##### Given entries

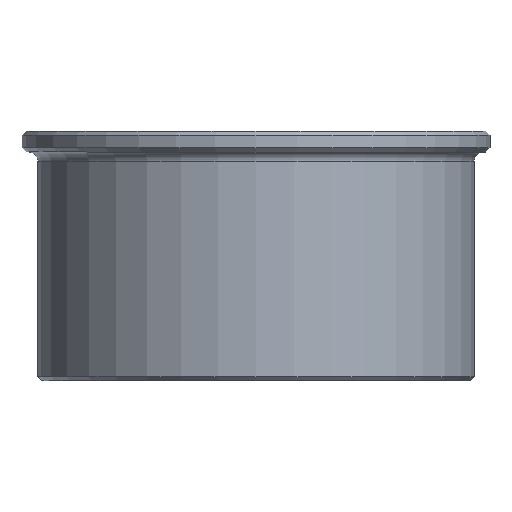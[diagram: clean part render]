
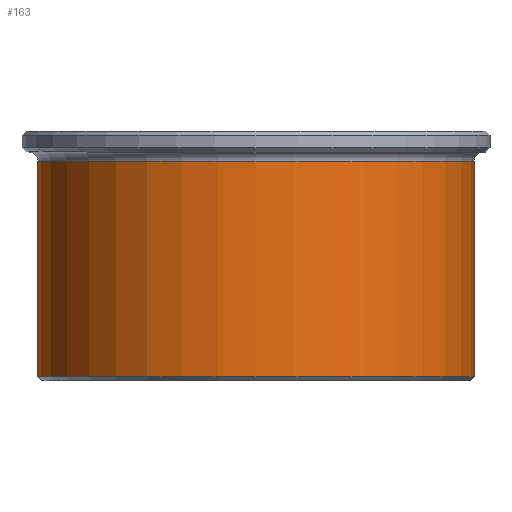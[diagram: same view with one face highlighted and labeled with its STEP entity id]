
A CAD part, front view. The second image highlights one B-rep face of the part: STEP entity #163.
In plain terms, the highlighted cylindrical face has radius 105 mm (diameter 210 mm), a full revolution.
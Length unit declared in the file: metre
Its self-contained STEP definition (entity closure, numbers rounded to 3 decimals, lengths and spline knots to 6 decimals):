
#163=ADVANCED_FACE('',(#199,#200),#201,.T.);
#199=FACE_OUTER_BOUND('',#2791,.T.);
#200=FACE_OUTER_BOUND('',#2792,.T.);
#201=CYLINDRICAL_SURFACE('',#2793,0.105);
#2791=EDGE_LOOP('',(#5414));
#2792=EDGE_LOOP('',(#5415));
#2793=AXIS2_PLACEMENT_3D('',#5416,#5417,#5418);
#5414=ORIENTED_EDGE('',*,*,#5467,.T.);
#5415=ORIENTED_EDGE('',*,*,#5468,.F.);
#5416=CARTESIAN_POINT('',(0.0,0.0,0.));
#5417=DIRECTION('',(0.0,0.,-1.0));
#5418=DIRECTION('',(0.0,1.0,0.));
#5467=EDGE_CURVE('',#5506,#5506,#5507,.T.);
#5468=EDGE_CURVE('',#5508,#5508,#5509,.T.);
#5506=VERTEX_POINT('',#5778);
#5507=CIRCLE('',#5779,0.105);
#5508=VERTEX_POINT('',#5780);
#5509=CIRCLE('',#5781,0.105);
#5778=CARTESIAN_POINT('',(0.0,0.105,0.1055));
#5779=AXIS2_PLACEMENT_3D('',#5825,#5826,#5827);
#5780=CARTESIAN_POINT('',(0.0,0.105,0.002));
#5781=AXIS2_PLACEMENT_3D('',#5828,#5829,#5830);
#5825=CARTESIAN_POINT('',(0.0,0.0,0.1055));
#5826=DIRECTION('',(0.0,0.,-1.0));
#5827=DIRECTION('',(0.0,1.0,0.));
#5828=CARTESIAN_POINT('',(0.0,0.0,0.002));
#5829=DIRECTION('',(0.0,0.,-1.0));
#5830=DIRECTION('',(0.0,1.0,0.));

##########
##### Given entries

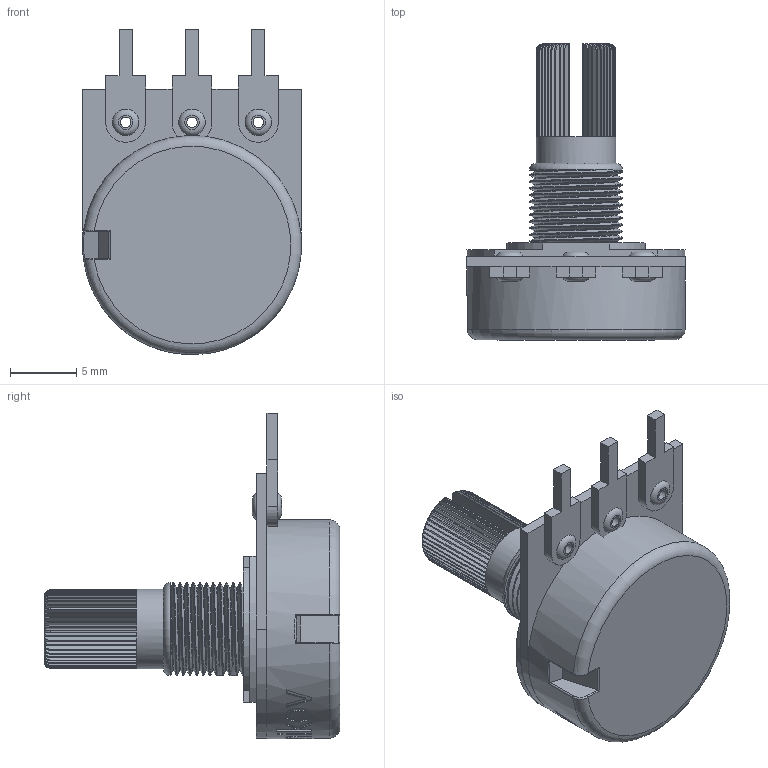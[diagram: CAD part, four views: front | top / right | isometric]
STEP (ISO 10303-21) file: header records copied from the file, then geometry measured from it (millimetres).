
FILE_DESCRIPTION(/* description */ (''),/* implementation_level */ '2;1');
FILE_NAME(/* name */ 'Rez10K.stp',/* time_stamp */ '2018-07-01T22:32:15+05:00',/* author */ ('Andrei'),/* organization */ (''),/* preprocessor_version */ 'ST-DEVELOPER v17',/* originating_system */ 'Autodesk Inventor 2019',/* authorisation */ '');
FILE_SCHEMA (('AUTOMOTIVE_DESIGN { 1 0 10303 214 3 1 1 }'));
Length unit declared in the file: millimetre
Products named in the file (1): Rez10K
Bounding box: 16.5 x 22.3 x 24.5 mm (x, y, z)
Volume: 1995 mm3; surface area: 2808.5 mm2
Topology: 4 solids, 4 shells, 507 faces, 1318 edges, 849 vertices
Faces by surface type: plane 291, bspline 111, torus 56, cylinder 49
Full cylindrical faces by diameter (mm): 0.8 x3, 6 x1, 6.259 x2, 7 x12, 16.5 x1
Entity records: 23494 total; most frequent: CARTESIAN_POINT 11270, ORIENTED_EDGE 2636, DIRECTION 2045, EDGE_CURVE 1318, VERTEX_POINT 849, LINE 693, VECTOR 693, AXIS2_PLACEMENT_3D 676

##########

Work instruction — Within the data above, repeat exactly the lines from the one bearing "[diagram: clean part render]" through the one bearing "Length unit declared in the file: metre". Include no pictures and nothing else.

Completed task —
[diagram: clean part render]
[diagram: same view with one face highlighted and labeled with its STEP entity id]
A CAD part, front view. The second image highlights one B-rep face of the part: STEP entity #163.
In plain terms, the highlighted cylindrical face has radius 105 mm (diameter 210 mm), a full revolution.
Length unit declared in the file: metre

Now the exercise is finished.